[Extracted data entries]
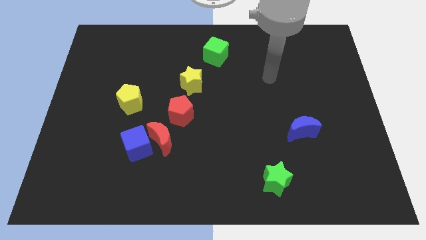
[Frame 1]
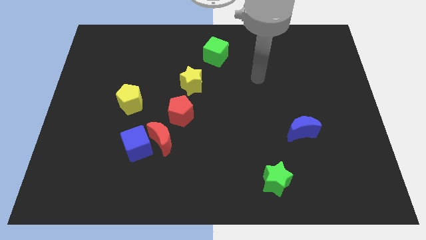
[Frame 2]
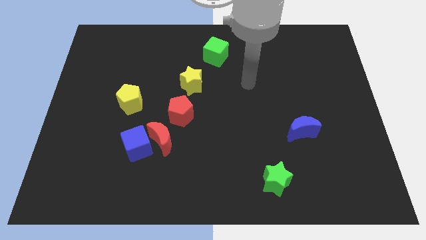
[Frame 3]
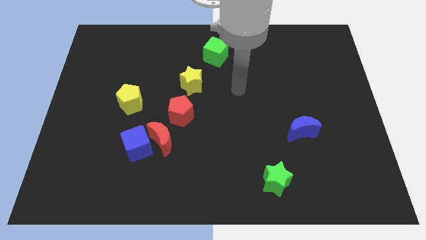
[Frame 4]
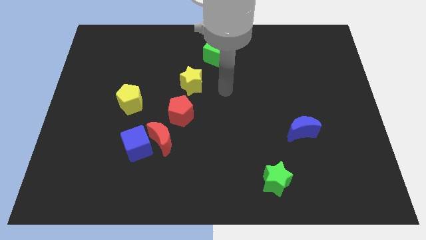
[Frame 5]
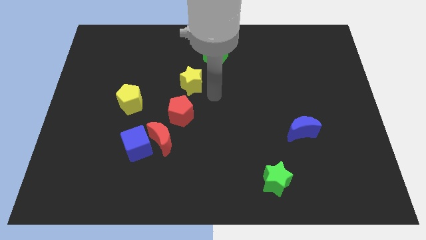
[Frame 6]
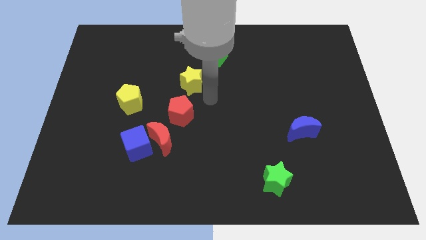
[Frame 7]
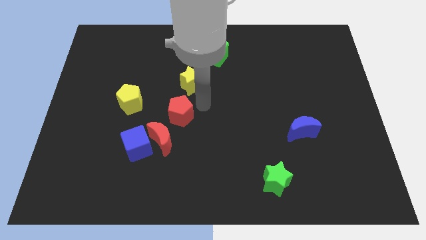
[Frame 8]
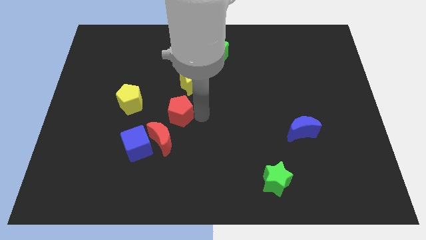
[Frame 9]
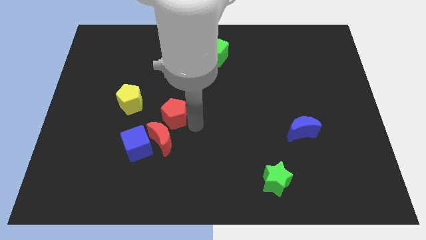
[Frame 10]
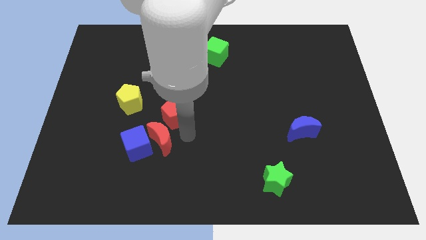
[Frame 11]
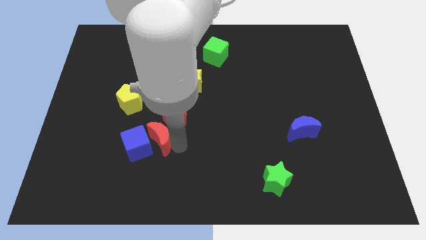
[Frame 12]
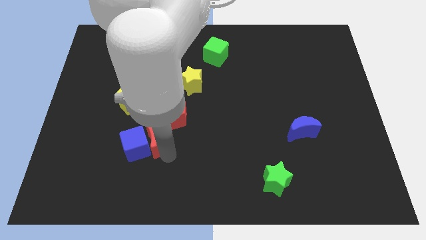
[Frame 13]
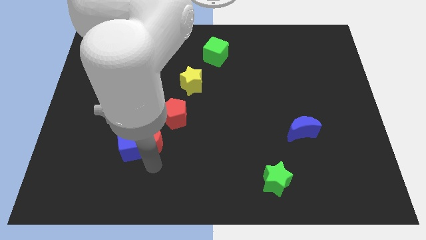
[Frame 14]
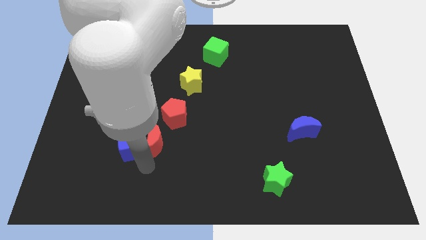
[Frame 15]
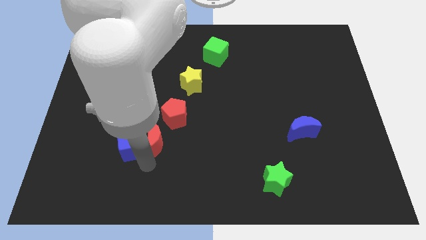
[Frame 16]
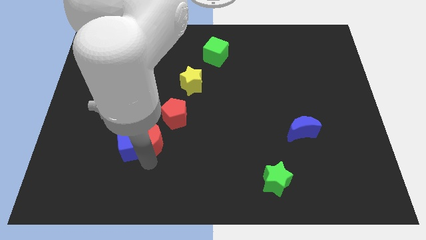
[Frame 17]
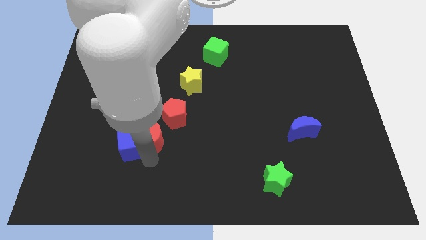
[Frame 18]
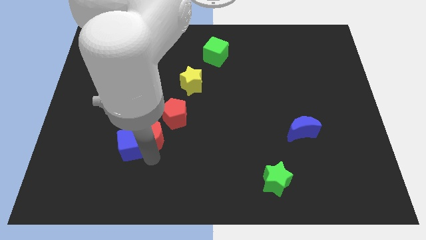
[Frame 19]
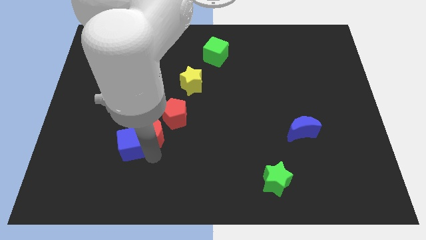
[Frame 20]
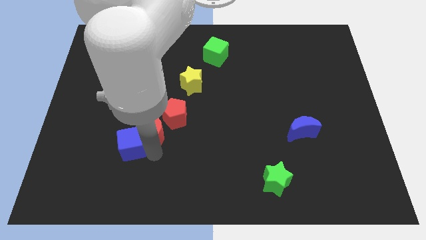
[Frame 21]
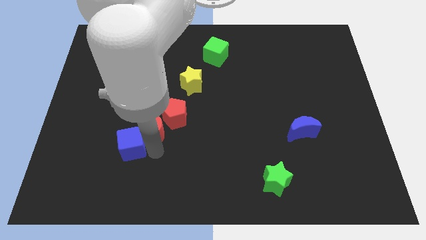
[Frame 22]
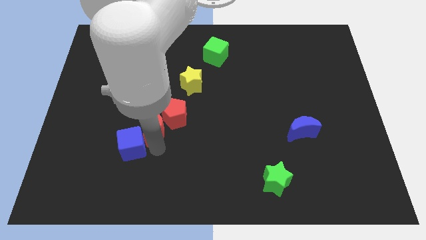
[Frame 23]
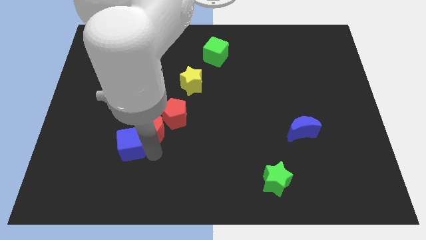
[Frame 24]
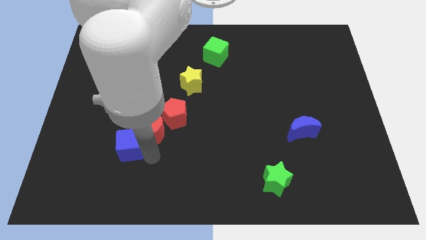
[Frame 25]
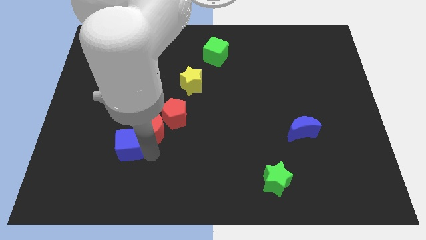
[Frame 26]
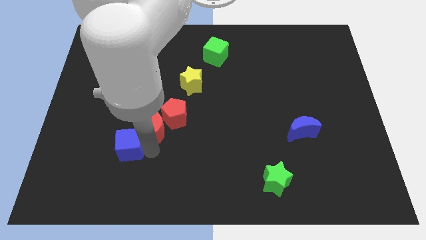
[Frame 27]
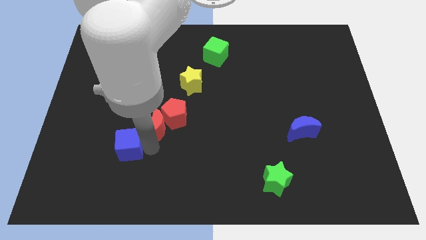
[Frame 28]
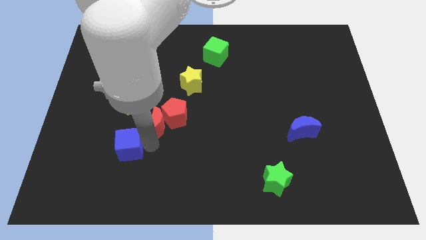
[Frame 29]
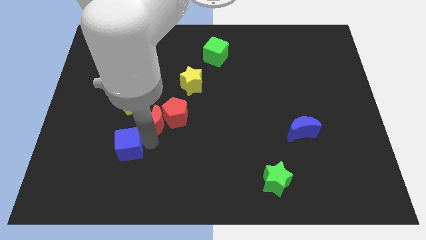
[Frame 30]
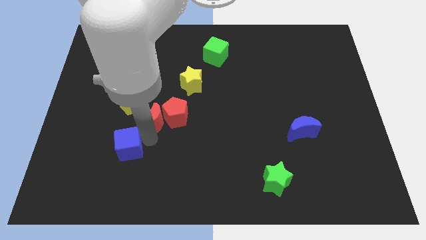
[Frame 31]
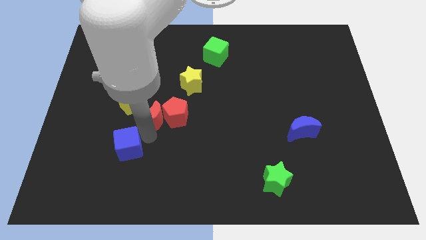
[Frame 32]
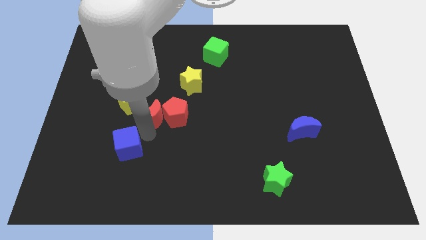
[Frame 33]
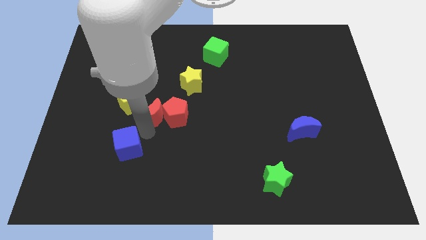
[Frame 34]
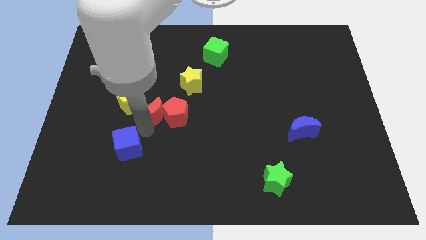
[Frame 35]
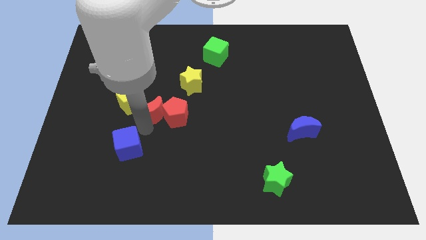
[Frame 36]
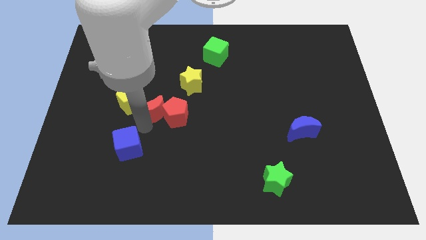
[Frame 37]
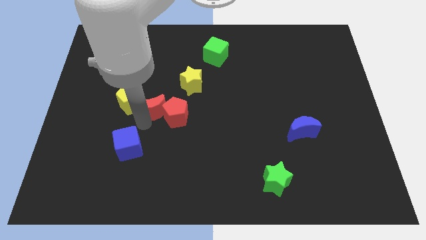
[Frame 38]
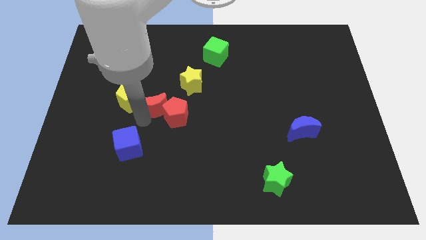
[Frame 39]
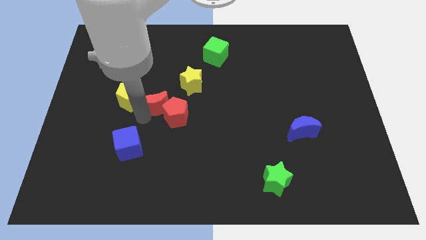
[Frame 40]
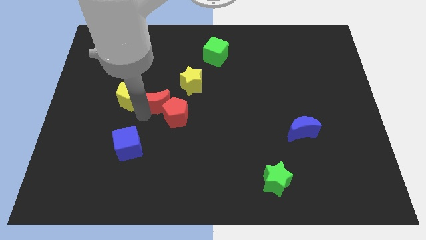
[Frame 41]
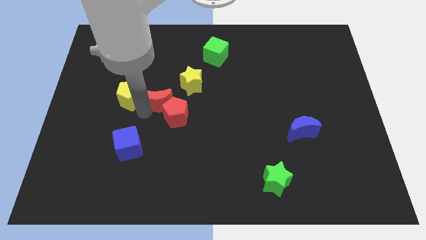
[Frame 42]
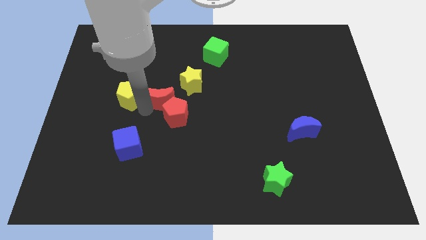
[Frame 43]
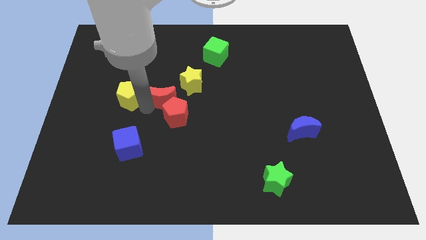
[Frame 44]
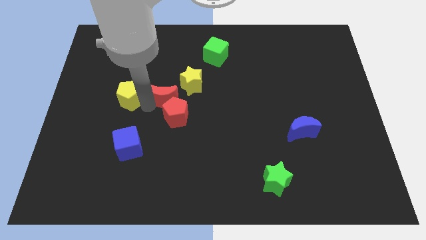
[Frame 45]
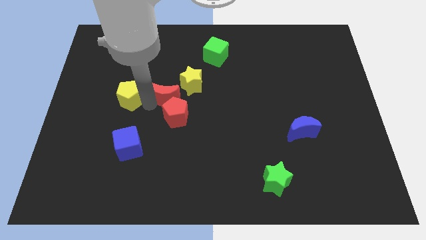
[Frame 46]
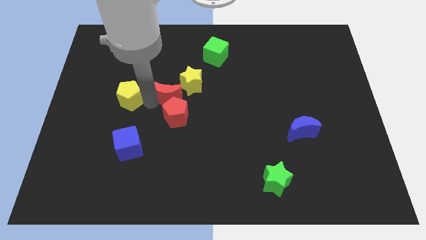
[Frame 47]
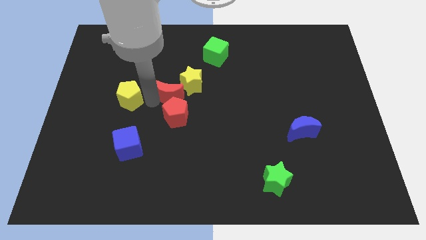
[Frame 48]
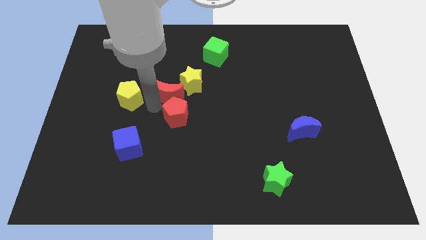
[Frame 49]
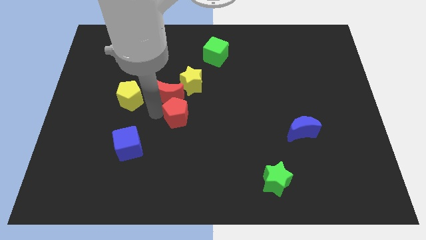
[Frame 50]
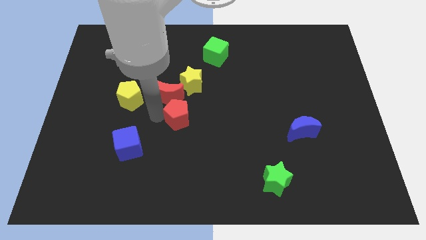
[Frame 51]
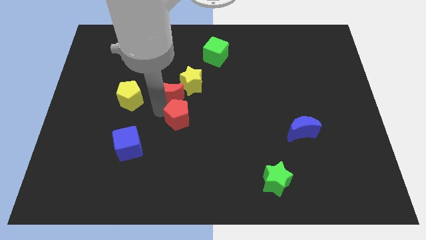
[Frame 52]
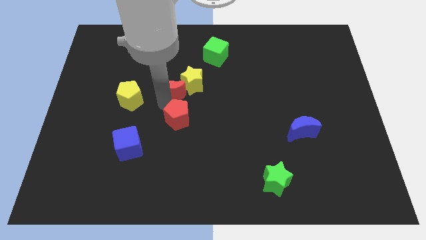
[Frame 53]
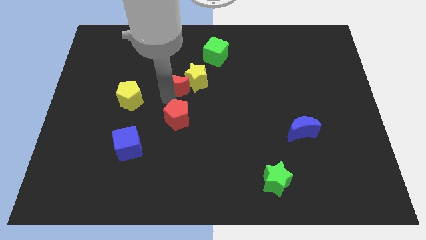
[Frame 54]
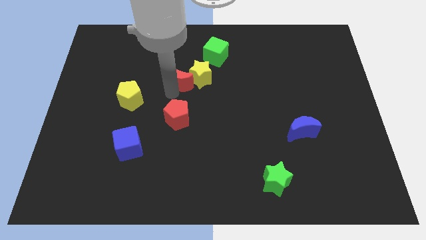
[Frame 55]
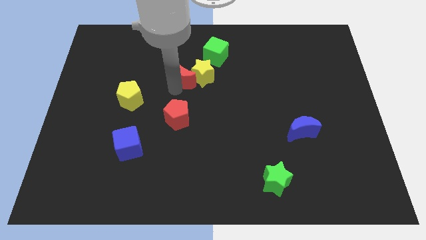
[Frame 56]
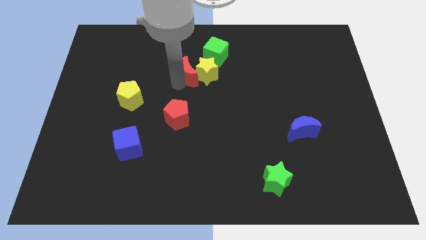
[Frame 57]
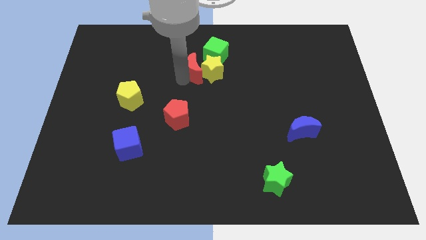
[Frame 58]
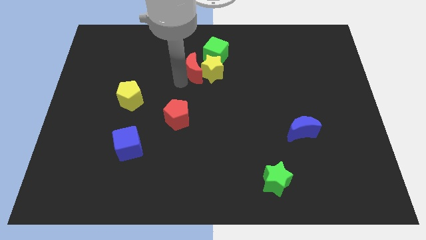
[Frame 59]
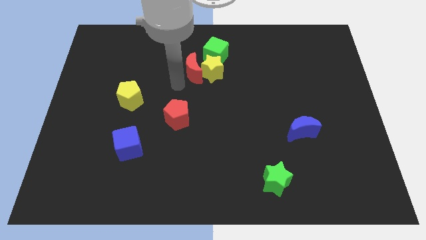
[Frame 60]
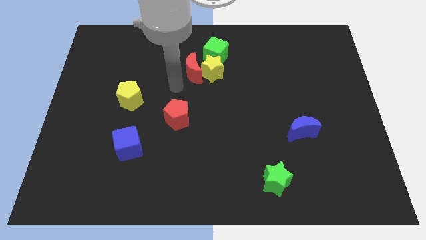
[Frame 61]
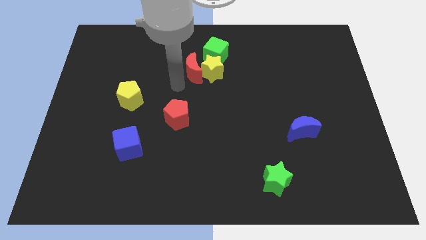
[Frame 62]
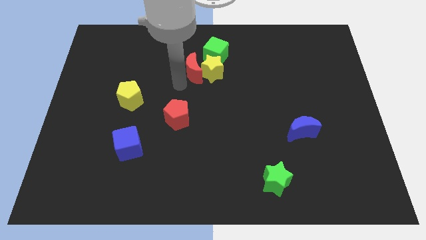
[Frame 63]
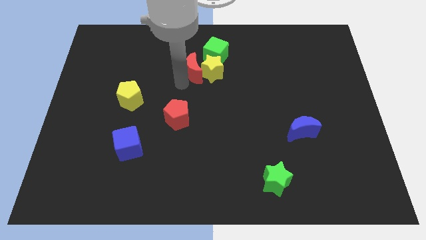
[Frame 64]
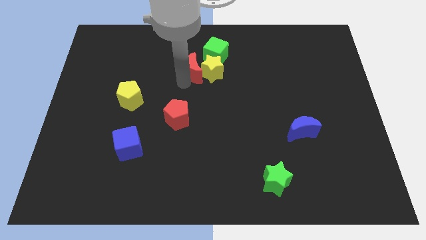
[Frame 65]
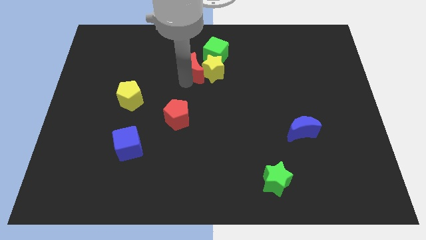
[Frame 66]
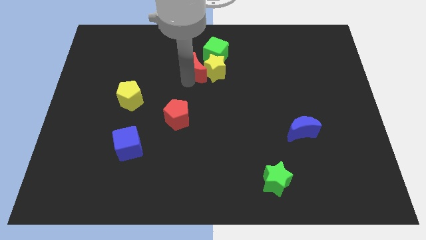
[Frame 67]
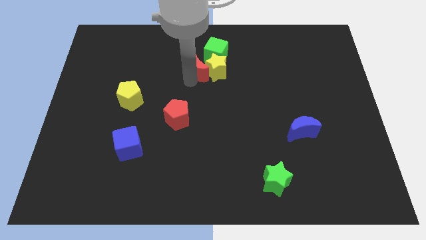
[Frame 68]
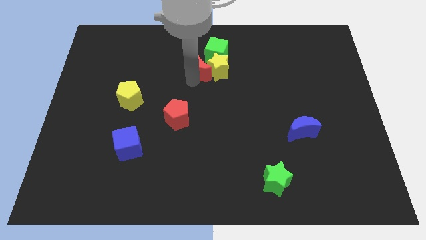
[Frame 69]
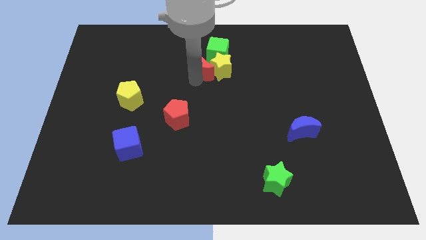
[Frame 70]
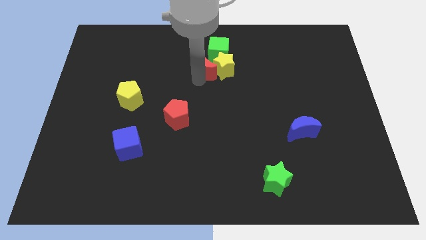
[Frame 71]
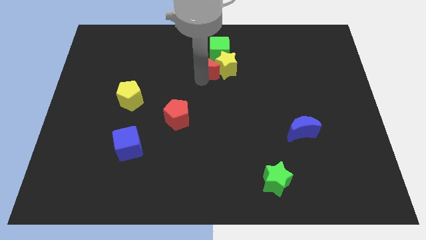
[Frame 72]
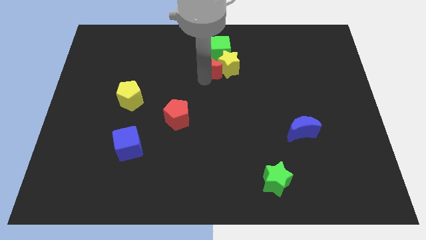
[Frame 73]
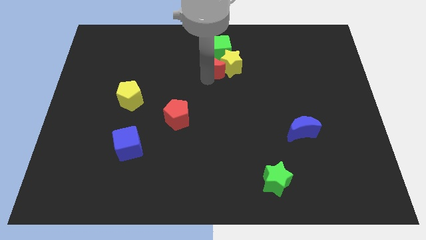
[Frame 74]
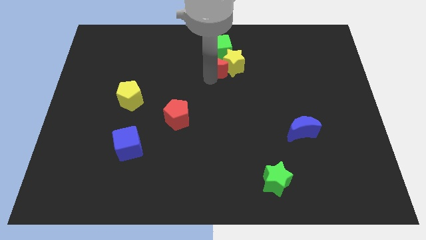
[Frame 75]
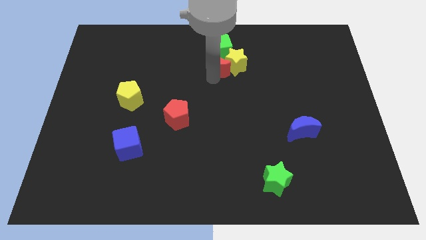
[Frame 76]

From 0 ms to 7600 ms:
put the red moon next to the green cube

* Problem: Copy each record exactly. Leave any images out of the copy.

* Problem solution:
[Frame 1]
[Frame 2]
[Frame 3]
[Frame 4]
[Frame 5]
[Frame 6]
[Frame 7]
[Frame 8]
[Frame 9]
[Frame 10]
[Frame 11]
[Frame 12]
[Frame 13]
[Frame 14]
[Frame 15]
[Frame 16]
[Frame 17]
[Frame 18]
[Frame 19]
[Frame 20]
[Frame 21]
[Frame 22]
[Frame 23]
[Frame 24]
[Frame 25]
[Frame 26]
[Frame 27]
[Frame 28]
[Frame 29]
[Frame 30]
[Frame 31]
[Frame 32]
[Frame 33]
[Frame 34]
[Frame 35]
[Frame 36]
[Frame 37]
[Frame 38]
[Frame 39]
[Frame 40]
[Frame 41]
[Frame 42]
[Frame 43]
[Frame 44]
[Frame 45]
[Frame 46]
[Frame 47]
[Frame 48]
[Frame 49]
[Frame 50]
[Frame 51]
[Frame 52]
[Frame 53]
[Frame 54]
[Frame 55]
[Frame 56]
[Frame 57]
[Frame 58]
[Frame 59]
[Frame 60]
[Frame 61]
[Frame 62]
[Frame 63]
[Frame 64]
[Frame 65]
[Frame 66]
[Frame 67]
[Frame 68]
[Frame 69]
[Frame 70]
[Frame 71]
[Frame 72]
[Frame 73]
[Frame 74]
[Frame 75]
[Frame 76]

From 0 ms to 7600 ms:
put the red moon next to the green cube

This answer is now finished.